What to do. Copy out each line of the entries below in which the string "mask" appears.

Dataset extract.
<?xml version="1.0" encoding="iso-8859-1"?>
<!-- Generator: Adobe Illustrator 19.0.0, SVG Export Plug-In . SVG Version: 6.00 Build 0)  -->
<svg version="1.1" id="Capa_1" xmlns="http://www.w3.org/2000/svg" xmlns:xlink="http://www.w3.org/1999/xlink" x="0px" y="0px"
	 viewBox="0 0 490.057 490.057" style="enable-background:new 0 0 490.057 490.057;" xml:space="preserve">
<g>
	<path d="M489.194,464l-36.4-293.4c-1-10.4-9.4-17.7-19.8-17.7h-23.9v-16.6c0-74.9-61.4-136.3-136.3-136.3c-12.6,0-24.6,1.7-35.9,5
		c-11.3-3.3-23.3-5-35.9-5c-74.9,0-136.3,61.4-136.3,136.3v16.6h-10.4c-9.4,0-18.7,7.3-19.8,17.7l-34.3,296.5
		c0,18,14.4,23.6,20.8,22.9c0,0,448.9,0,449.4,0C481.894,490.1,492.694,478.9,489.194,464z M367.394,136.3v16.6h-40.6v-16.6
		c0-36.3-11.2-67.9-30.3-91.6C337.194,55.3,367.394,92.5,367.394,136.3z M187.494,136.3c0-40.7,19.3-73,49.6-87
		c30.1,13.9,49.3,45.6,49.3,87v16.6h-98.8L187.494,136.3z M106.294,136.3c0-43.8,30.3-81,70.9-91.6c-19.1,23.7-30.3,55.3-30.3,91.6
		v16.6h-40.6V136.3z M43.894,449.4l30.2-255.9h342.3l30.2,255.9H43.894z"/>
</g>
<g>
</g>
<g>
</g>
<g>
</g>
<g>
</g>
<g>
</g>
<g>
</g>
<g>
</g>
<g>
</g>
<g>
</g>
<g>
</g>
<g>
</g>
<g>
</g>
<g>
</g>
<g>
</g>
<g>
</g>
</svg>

---

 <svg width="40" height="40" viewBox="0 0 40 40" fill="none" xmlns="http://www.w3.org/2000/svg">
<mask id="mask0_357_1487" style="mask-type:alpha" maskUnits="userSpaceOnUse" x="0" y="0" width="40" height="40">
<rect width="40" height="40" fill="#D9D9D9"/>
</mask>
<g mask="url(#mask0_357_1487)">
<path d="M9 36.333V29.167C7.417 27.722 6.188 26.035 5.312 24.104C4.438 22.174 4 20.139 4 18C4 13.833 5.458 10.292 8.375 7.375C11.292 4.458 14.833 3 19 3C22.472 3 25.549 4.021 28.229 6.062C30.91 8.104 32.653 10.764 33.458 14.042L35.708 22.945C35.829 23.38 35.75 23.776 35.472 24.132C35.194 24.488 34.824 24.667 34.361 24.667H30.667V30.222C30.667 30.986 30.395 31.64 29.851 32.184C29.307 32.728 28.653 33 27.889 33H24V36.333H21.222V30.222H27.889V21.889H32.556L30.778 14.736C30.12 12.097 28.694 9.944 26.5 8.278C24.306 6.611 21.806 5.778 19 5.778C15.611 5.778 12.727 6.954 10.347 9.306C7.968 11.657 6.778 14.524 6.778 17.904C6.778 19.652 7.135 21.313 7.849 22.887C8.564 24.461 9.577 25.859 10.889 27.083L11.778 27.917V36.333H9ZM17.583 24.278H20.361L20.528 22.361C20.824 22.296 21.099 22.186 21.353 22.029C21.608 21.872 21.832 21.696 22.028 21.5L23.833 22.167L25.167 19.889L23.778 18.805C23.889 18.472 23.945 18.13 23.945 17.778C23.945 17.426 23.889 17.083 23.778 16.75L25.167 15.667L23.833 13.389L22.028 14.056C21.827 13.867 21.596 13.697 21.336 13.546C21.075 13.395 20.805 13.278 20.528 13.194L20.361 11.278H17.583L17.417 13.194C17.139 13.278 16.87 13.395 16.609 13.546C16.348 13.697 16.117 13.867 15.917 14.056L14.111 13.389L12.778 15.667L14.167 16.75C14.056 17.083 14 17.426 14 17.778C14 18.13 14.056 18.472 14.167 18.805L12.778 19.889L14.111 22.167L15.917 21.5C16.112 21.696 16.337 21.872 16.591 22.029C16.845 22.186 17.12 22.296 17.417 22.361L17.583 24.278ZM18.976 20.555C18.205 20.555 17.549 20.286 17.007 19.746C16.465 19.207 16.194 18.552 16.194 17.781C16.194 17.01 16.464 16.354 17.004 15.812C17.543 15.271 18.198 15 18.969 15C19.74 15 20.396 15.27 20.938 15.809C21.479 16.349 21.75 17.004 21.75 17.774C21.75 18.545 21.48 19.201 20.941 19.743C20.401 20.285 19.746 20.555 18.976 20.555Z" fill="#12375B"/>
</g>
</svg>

--

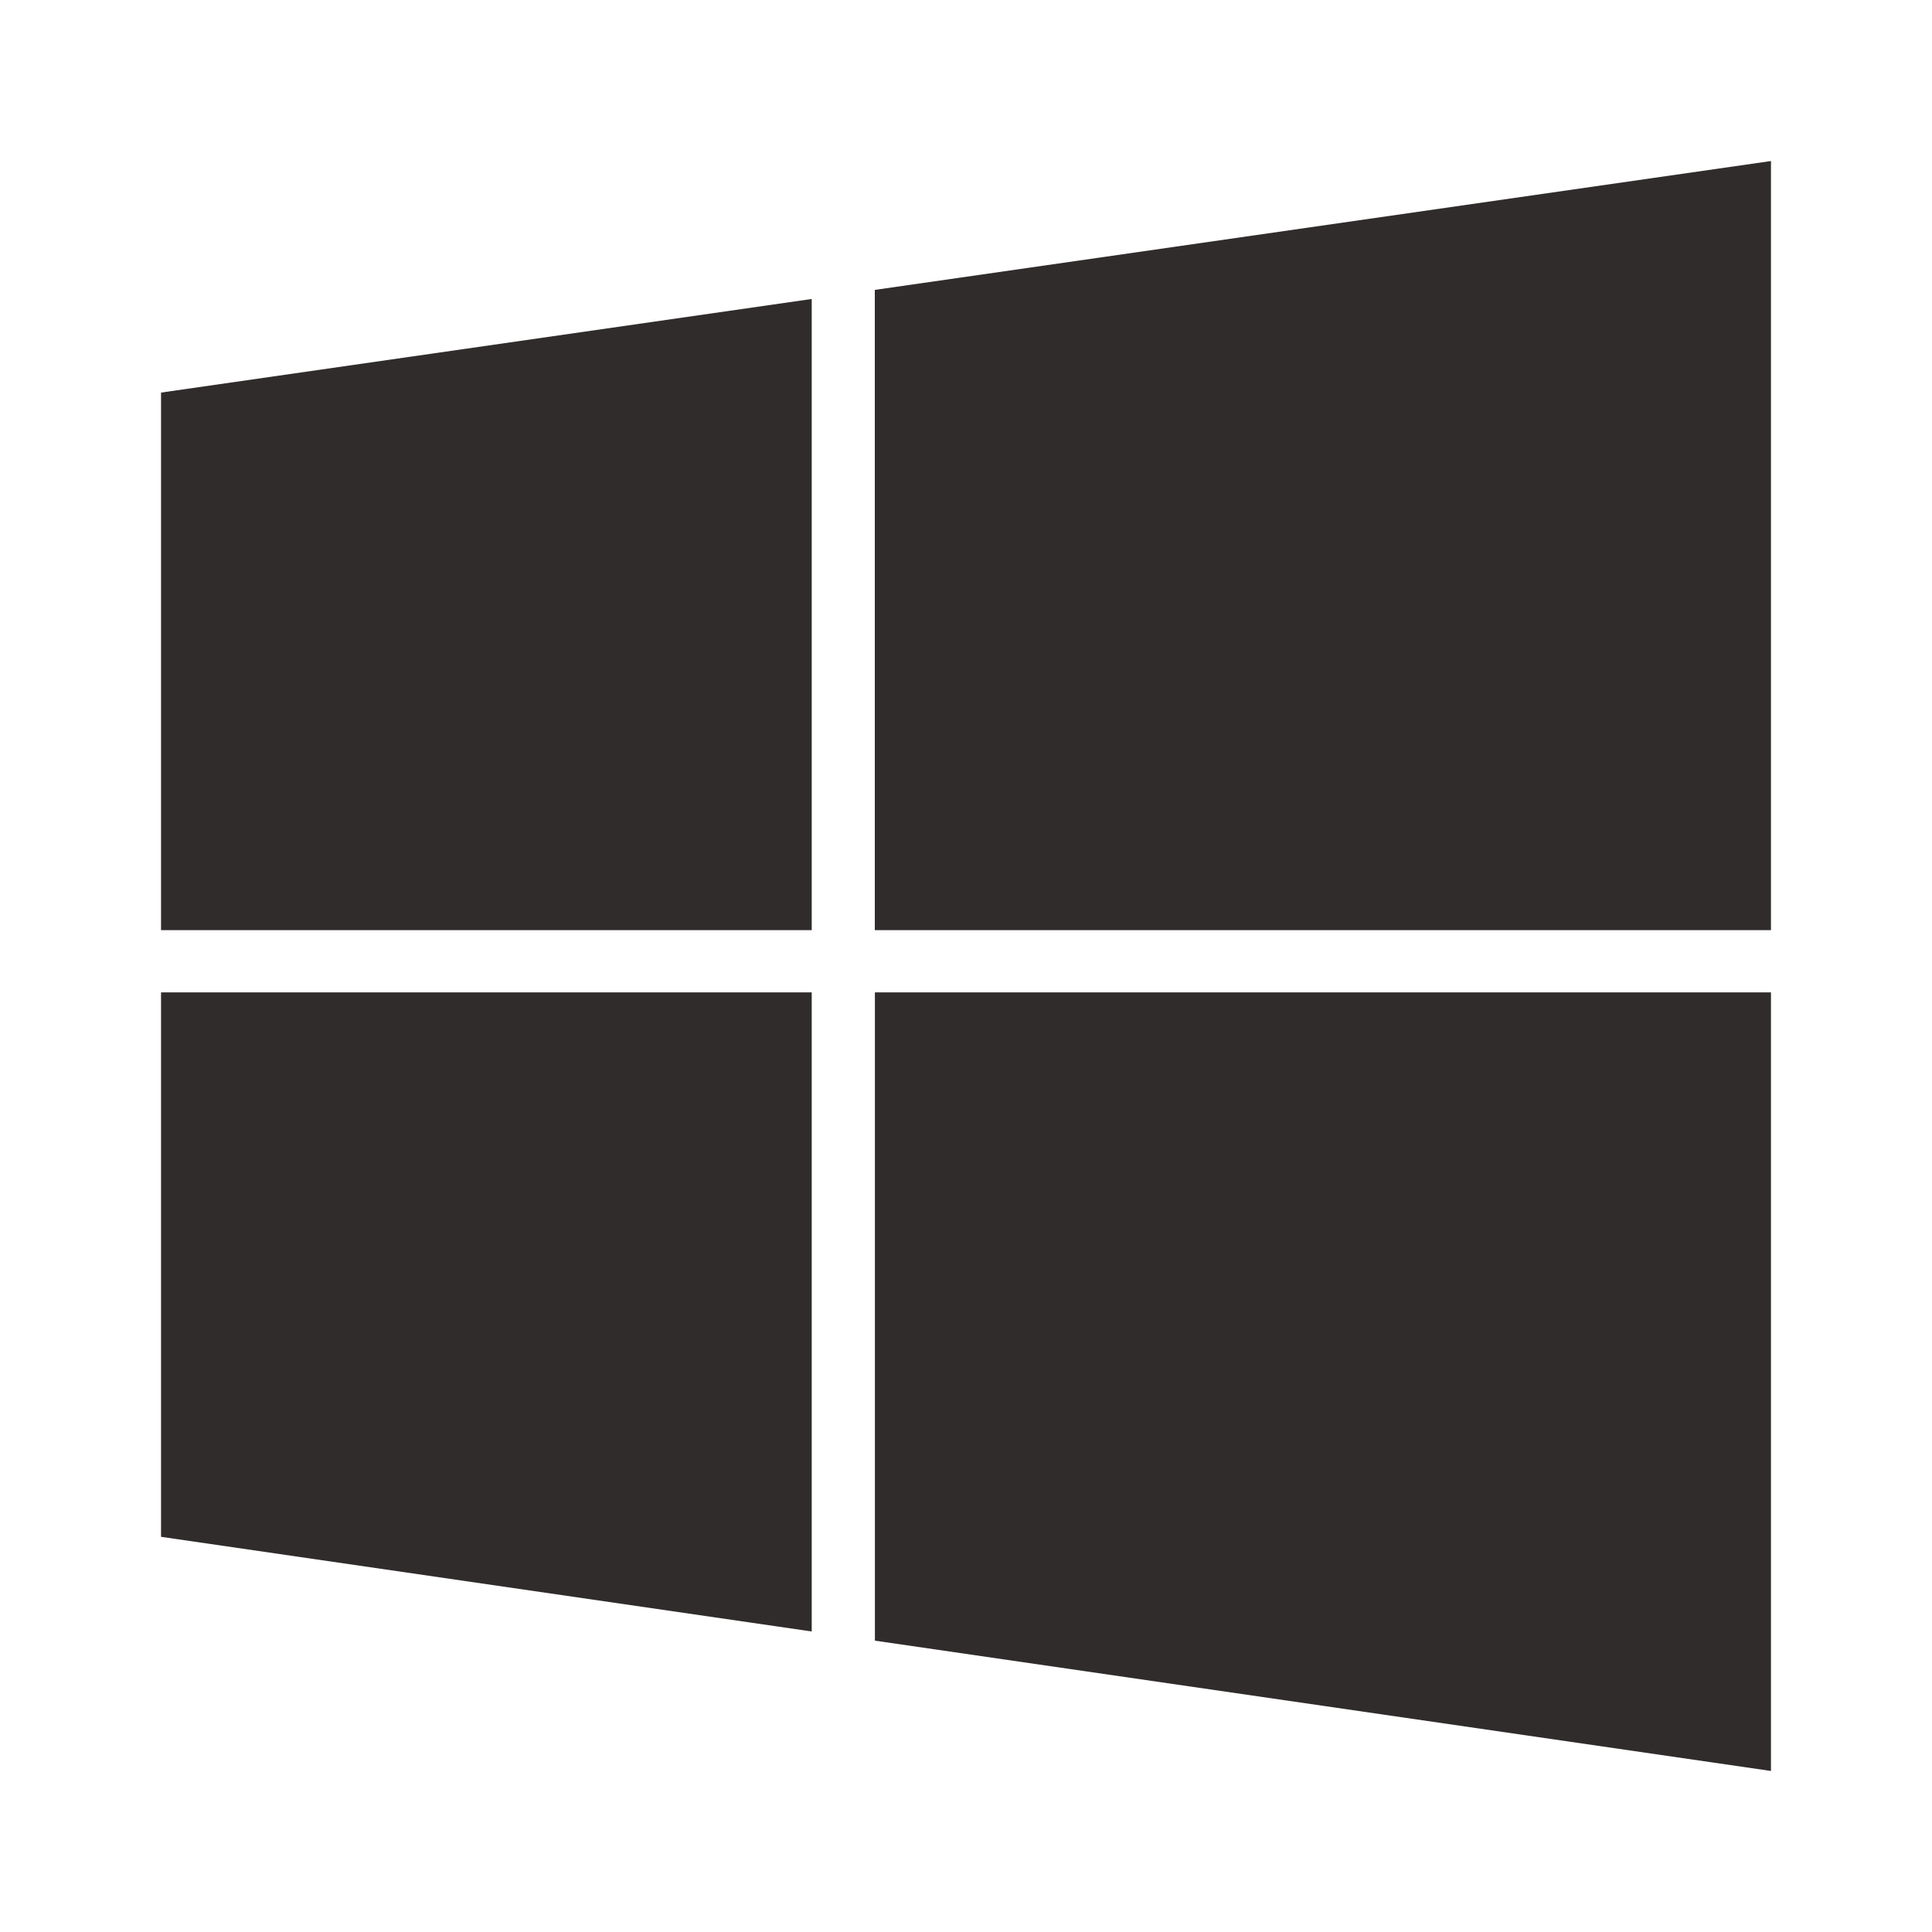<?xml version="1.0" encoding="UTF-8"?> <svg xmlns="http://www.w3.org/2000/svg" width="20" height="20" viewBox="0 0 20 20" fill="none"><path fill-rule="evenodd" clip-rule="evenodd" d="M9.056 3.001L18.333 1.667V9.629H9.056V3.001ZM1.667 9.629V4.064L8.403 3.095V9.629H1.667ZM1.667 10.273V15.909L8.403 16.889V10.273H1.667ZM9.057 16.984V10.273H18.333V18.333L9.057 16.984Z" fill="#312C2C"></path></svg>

Solution to this problem.
<mask id="mask0_357_1487" style="mask-type:alpha" maskUnits="userSpaceOnUse" x="0" y="0" width="40" height="40">
</mask>
<g mask="url(#mask0_357_1487)">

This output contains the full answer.